> Brief
Transcribe word for word the section of the records below that opens with the line containing "human: [s2_rgb_10]" and closes with the line containing "Answer: right"; drop every picture.

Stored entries
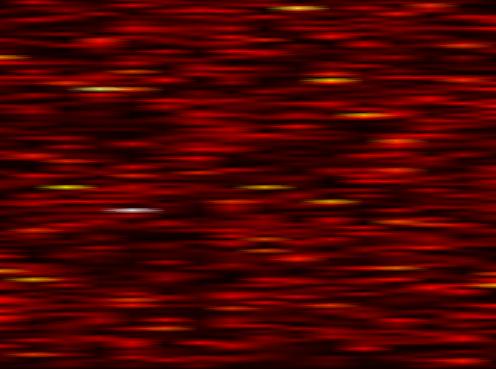
Label: UFMC
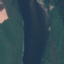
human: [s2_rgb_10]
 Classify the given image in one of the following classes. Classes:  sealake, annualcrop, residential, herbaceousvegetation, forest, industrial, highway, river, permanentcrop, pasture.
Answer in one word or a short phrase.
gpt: River
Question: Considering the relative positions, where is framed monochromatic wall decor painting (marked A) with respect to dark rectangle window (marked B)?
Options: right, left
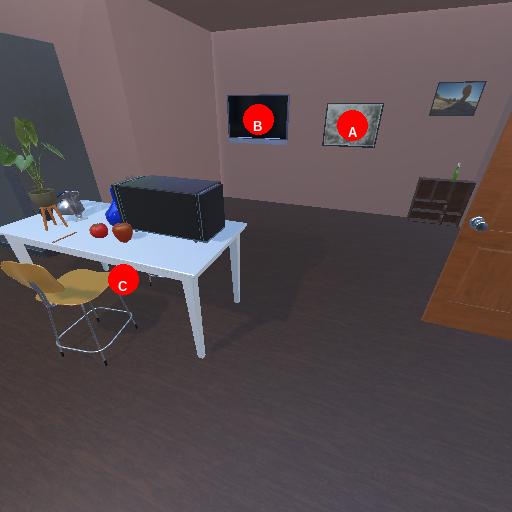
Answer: right
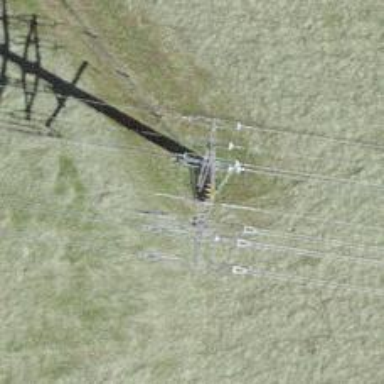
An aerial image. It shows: Power line is depicted.
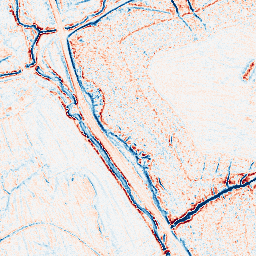
Category: edge_preserving
Decomposition family: anisotropic_diffusion
Decomposition parameters: iterations: 20
kappa: 10
gamma: 0.05
Upsampling method: sinc_hamming
Upsampling parameters: scale: 2
kernel_size: 8
Upsampling scale: 2
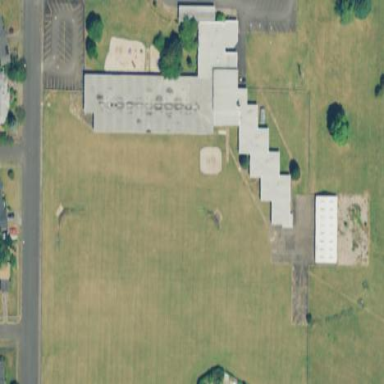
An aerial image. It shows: School.
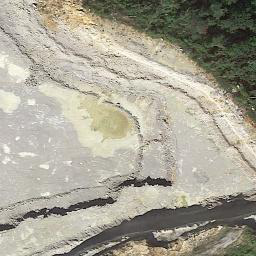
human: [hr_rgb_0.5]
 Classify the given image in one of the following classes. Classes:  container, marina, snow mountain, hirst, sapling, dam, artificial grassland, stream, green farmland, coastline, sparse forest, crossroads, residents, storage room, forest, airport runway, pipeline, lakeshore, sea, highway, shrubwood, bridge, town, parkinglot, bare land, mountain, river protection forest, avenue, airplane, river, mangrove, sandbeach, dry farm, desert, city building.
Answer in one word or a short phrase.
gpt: bare land
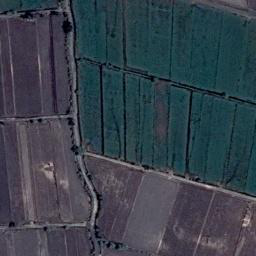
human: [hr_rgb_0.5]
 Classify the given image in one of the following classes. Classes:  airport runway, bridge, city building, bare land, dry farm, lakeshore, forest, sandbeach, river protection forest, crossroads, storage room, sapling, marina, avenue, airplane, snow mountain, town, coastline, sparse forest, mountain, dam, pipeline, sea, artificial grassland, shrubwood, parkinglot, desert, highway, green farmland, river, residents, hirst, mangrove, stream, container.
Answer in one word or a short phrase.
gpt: green farmland
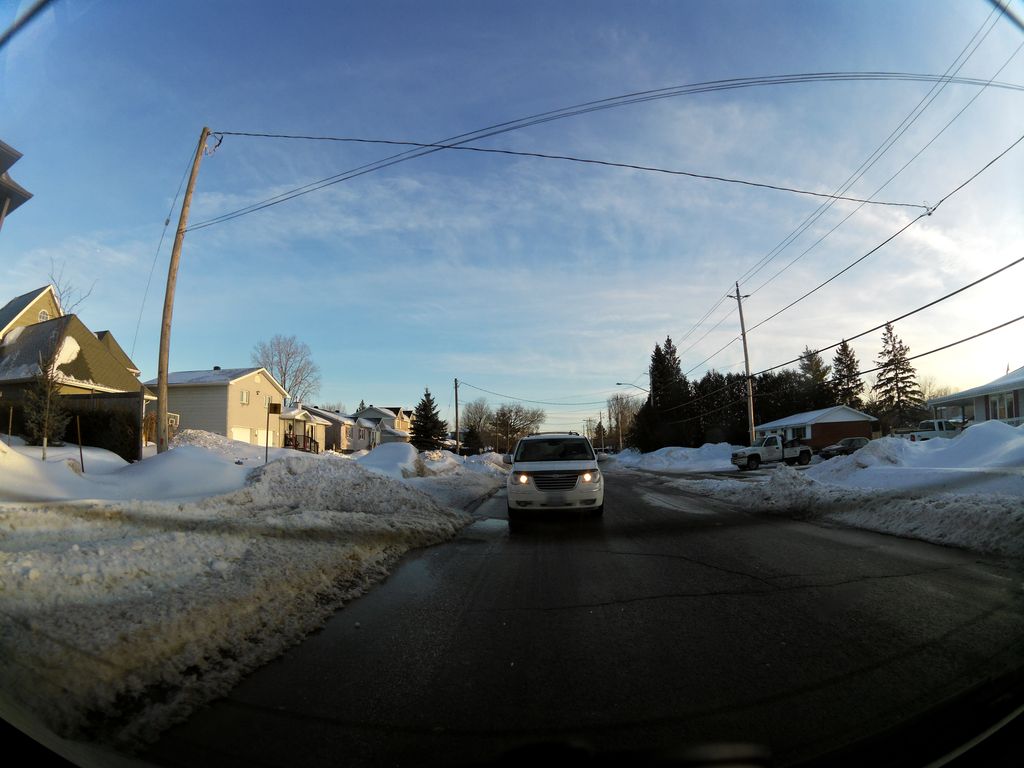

> Response to the task
human: [s2_rgb_10]
 Classify the given image in one of the following classes. Classes:  sealake, annualcrop, residential, herbaceousvegetation, forest, industrial, highway, river, permanentcrop, pasture.
Answer in one word or a short phrase.
gpt: River
Question: Considering the relative positions, where is framed monochromatic wall decor painting (marked A) with respect to dark rectangle window (marked B)?
Options: right, left
Answer: right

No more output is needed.